Так в честь своей любимой дед назвал самую красивую березку. Анисья Васильевна не помнит своего деда, наверное, он был хороший, добрый человек. Злому бы это и в голову не пришло.

Такие мысли не под силу злой душе.

1

В этот год пышно расцвели мальвы в палисаднике перед домом. А лето выдалось на редкость знойное, сухое и воду для поливки приходилось носить из реки на гору, потому что колодец на дворе давно завалило землей, а соседи сами вычерпывали свои колодцы до поддонной грязи.

Анисья Васильевна любила мальвы, и они росли в ее цветнике как ни у кого в деревне. Могучие стебли, закрывая окна, высоко поднимали свои нежные бледно-розовые пышные шапки, цветущие с весны до самой осени. Именно за эти качества и любила: за силу, за нежность, за постоянство. Чудесные, жизнелюбивые цветы.

Семена мальвы она достала лет пять тому назад, когда ездила на областную сельскохозяйственную выставку. Она ездила туда каждый год с тех пор, как ее поставили бригадиром овощеводов.

Конечно, трудно ей было работать, других учить и самой учиться, а если не трудно, тогда какой же интерес жить? Легко только чай пить, и то если наработаешься.

Но как бы ни устала она за день, все равно находила время и силы, чтобы полить цветы. И все, кто проходил мимо, удивлялись, как это так, кругом все горит от жары, а тут вон сколько всяких цветов и какие пышные выросли мальвы! В деревне привыкли к этому ее чудачеству и даже любили ее именно за то, что она никогда не гонится за выгодой, хотя живет только на то, что заработает сама и что заработают дети. Других доходов она не признает.

Но вместе с тем и осуждали: ну какой же нормальный человек в такое время, когда от зноя жухнет и, не распустившись, вянет картофельный цвет, станет думать о мальвах? Хоть бы капусту напоить и огурцы. Поливать — так с толком. За огурцы нынче в городе сколько спросишь, столько и дают, а о помидорах и говорить нечего.

Цветы, верно, тоже в цене, если бы она их на продажу растила. А то ведь так, для красоты. Ну и раздает, это верно, не скупится.

Девчонки идут на танцы:

— Ах, какие у вас цветики, тетя Ася!

Будто только что увидели. Ну как тут не дать? Скажет только:

— Сами вы цветики. Тебе какой?

— Вон тот, лиловенький. Мне лиловое к лицу.

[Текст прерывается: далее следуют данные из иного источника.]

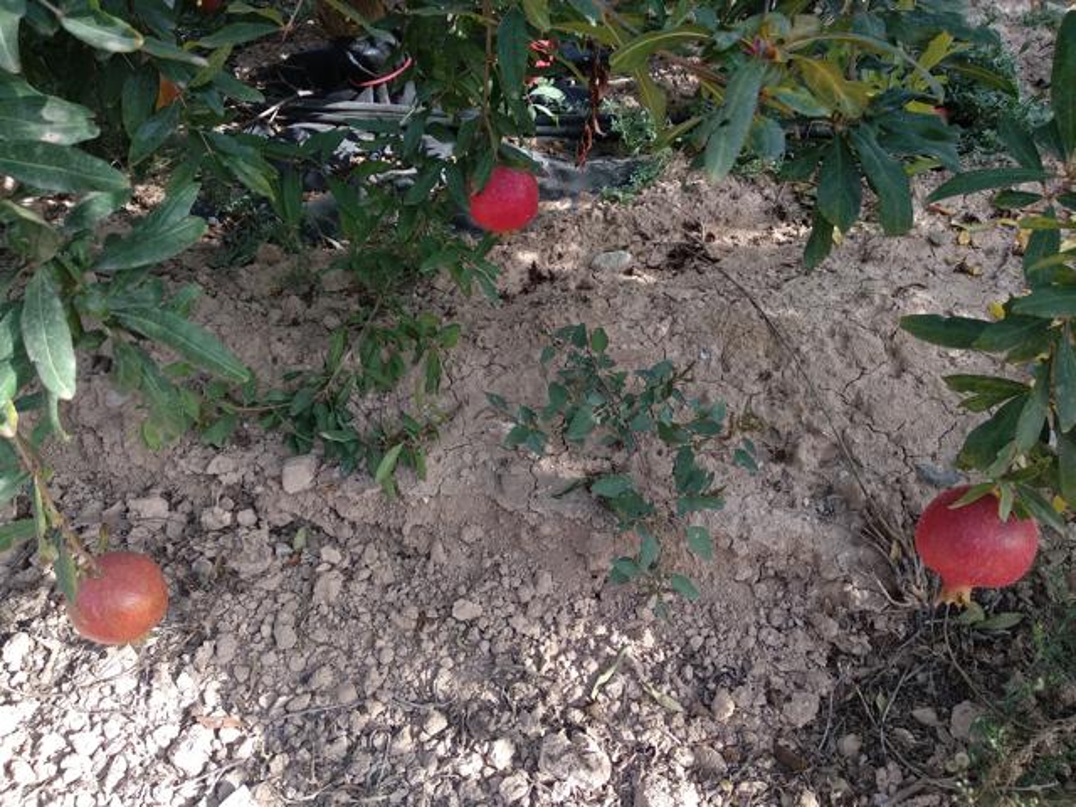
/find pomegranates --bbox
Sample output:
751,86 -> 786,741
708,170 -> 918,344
66,550 -> 170,651
913,484 -> 1037,609
469,165 -> 540,234
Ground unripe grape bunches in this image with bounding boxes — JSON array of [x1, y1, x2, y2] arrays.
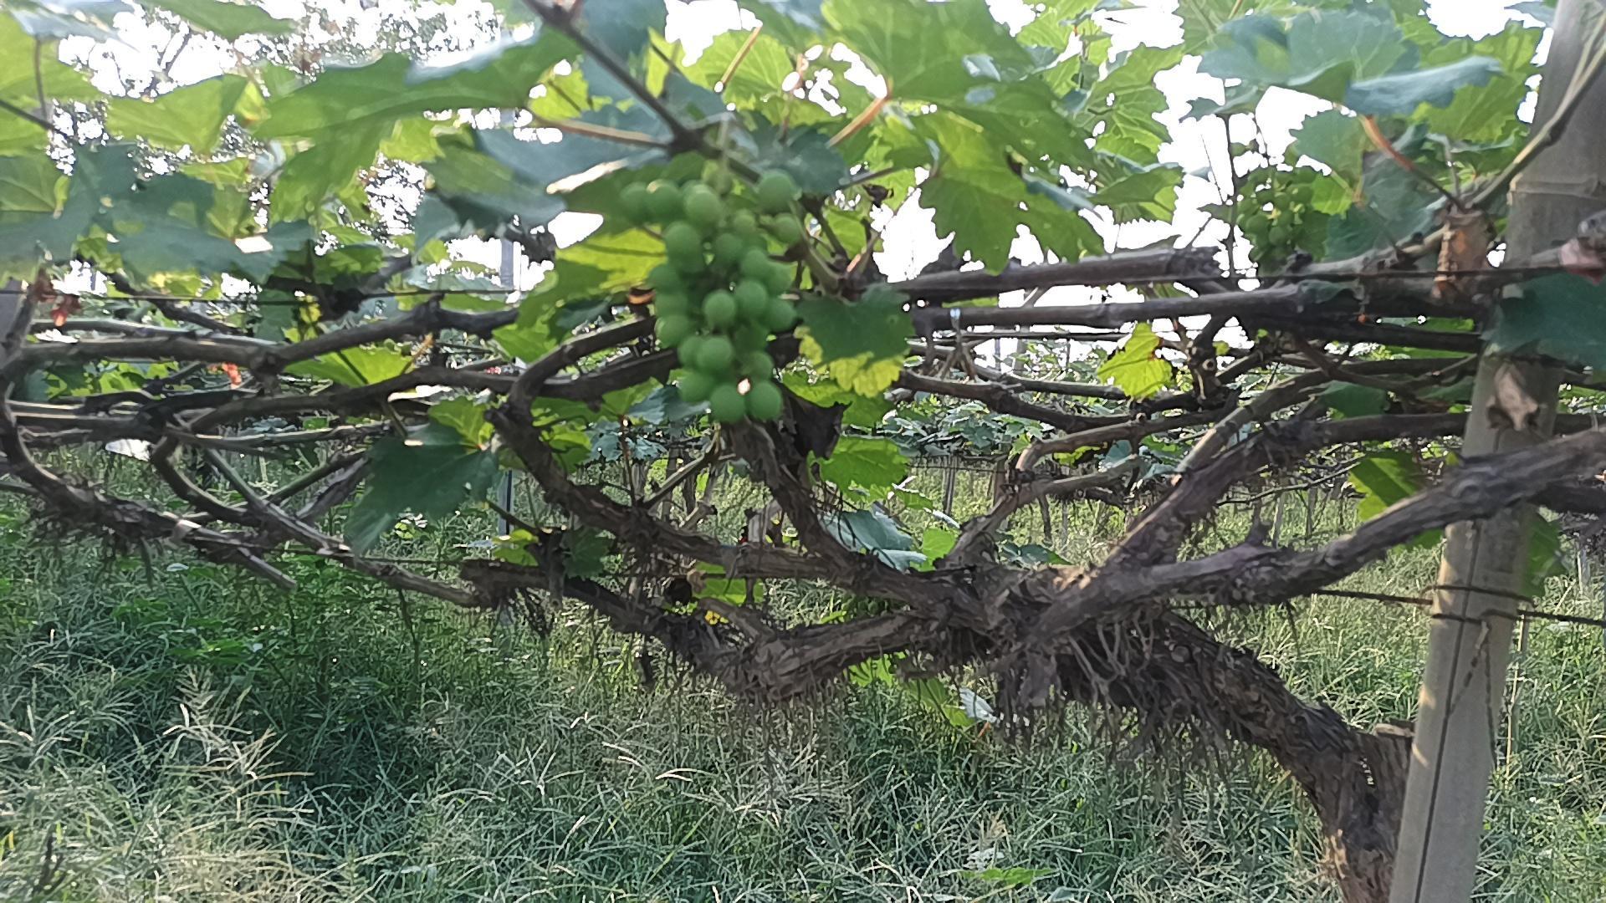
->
[[1229, 140, 1317, 260], [620, 159, 804, 422]]
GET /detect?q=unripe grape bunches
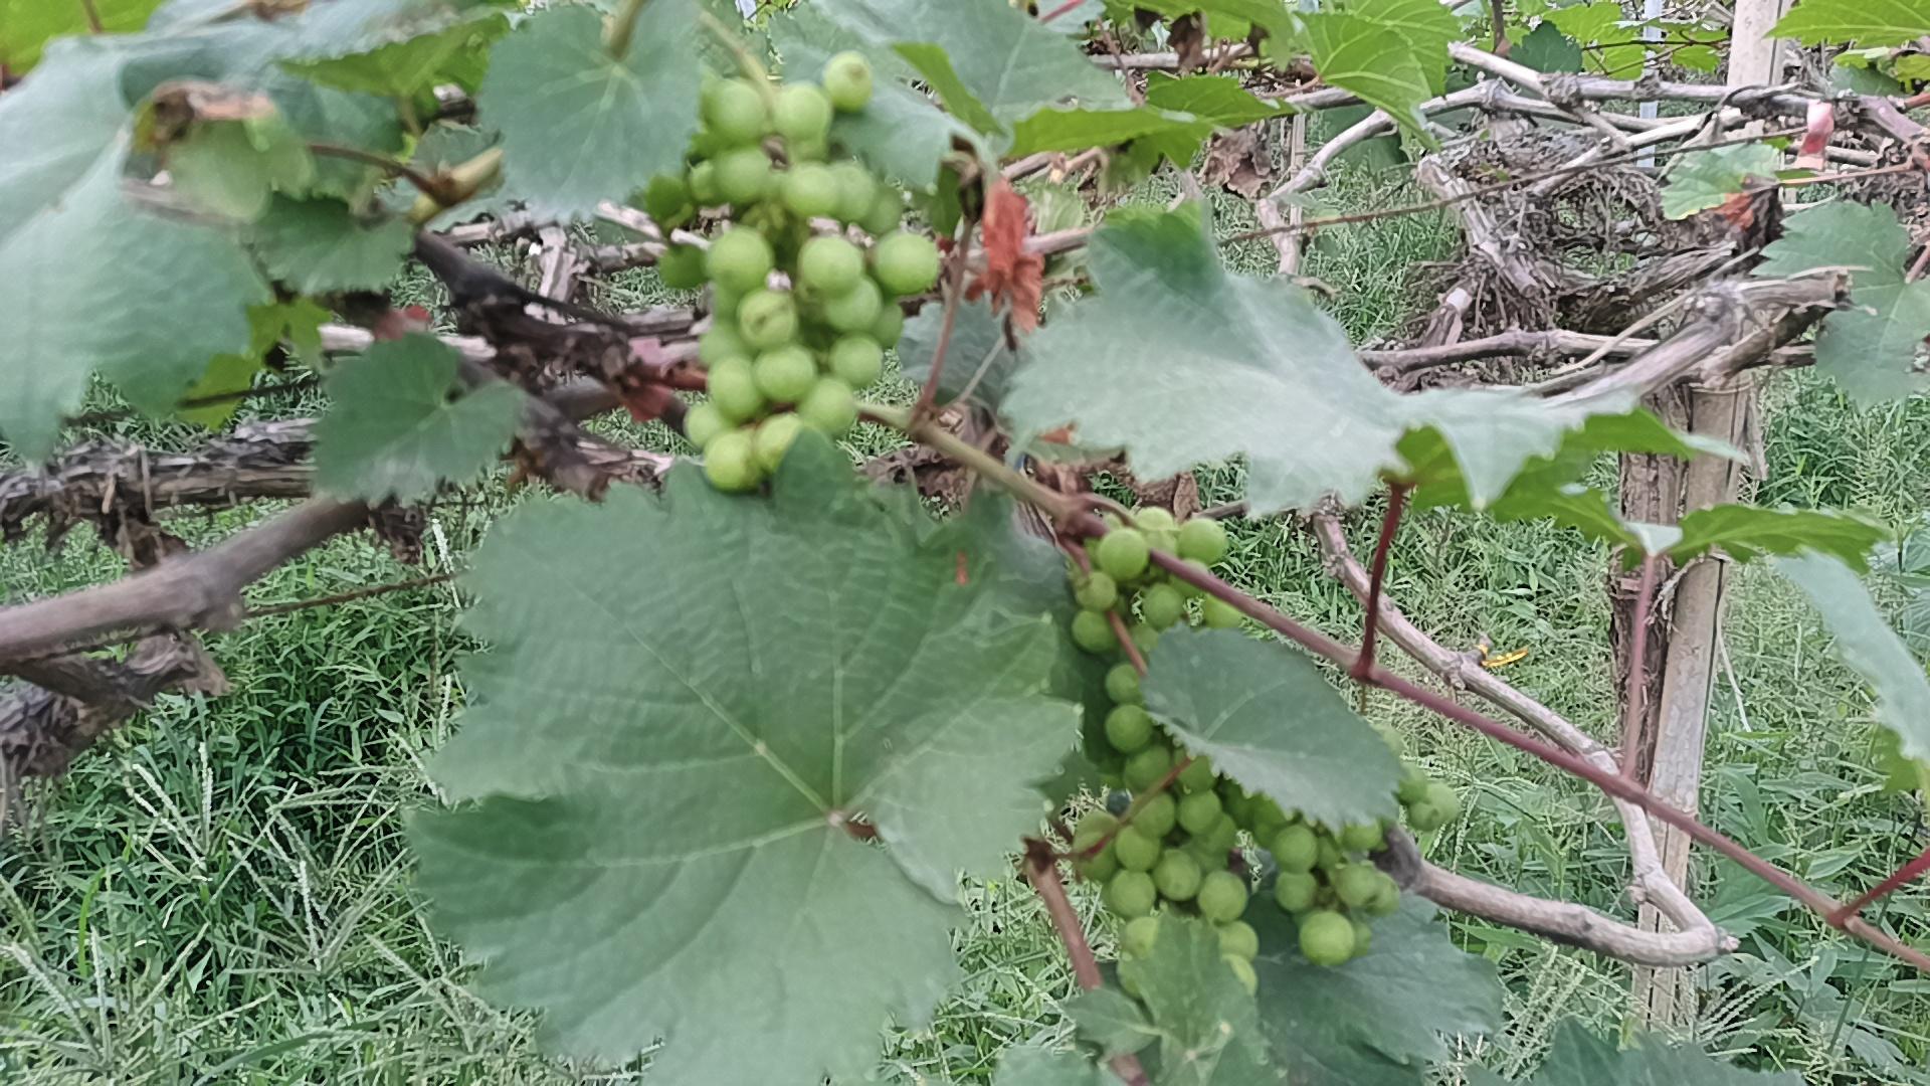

— Да тебе все к лицу. Вон ты какая расцвела. А тебе аленький, что ли?

Ходит по цветнику, любовно подбирает каждой девчонке цветок к лицу, к платью, к случаю… Подбирает а сама думает: «Какая-то моего Павлушку поманит-уведет?»

Идут девчонки бережно, чтобы не запылить босоножек, все красавицы от молодости, дыханье короткое, смех играющий.

Каждую девчонку взглядом провожает:

— Не эта ли?

Она приучала себя к мысли, что это неизбежно, что сыну уж двадцать первый год и что он не будет принадлежать ей вечно. Вот такая пройдет мимо, попросит цветочек понаряднее — и сын пойдет за ней. Пойдет и не оглянется. Куда поведет, туда и пойдет.

И не потому, что плохой он сын. Нет. Павел хороший, верный и потому веселый человек. Плохие веселыми не бывают. И мать он любит, и всегда будет верен ей. И она знает: если он кого полюбит — накрепко, навсегда.

А Клавдия замкнута, строптива, остра на язык. И некрасива — материнскому сердцу вечный укор.

Тихо стоит старая береза Маша, подслушивая мысли неразлучной своей подруги. Старая береза — свидетель всех ее горьких лет и всех ее счастливых дней.

В соседнем дворе заскулила собака, жалуясь на одиночество. Послышались неторопливые шаги. Хозяин, постукивая протезом, вышел на двор, проверить перед сном, все ли в должном порядке.

Вот и еще один свидетель: Гаврила Семенович Хром.

2

Он отвязал собаку и, придерживая ее за ошейник, повел на огород, где на грядках доспевала поздняя клубника. Прицепив ошейник к длинной цепи, скользящей по проволоке вдоль ограды. Хром вернулся во двор, прошел к воротам, потрогал запоры и направился обратно к дому. Голова его двигалась над высоким забором, и со стороны могло показаться, что он осматривает свое хозяйство, сидя верхом на хромой лошади.

Заметив соседку, он подошел к забору и тонким голосом спросил:

— Не спишь?

— А я собиралась специально к тебе идти, — сказала Анисья Васильевна, — к тебе идти собиралась, а ты вот и сам тут…

Хром поиграл косматыми бровями и усмехнулся, будто радуясь, что он так вовремя подоспел:

— Вот как у нас хорошо получилось: ты обо мне только подумала, а я — вот он!

Анисья Васильевна глубоко вздохнула, как бы отгоняя невеселые свои мысли, и другим, огрубевшим вдруг голосом спросила:

— Парниковые рамы с колхозного огорода увез?

— Привезу.

— Когда?

— Да вот все не соберусь. Ты уж не торопи меня. Повремени.

— Нельзя. А ты лучше не тяни. Я тебя предупреждаю. Еще неделю жду, а там — не взыщи. С милицией приду. Еще кое-что найдем. Ох, Гаврила Семенович, и зачем тебе это все?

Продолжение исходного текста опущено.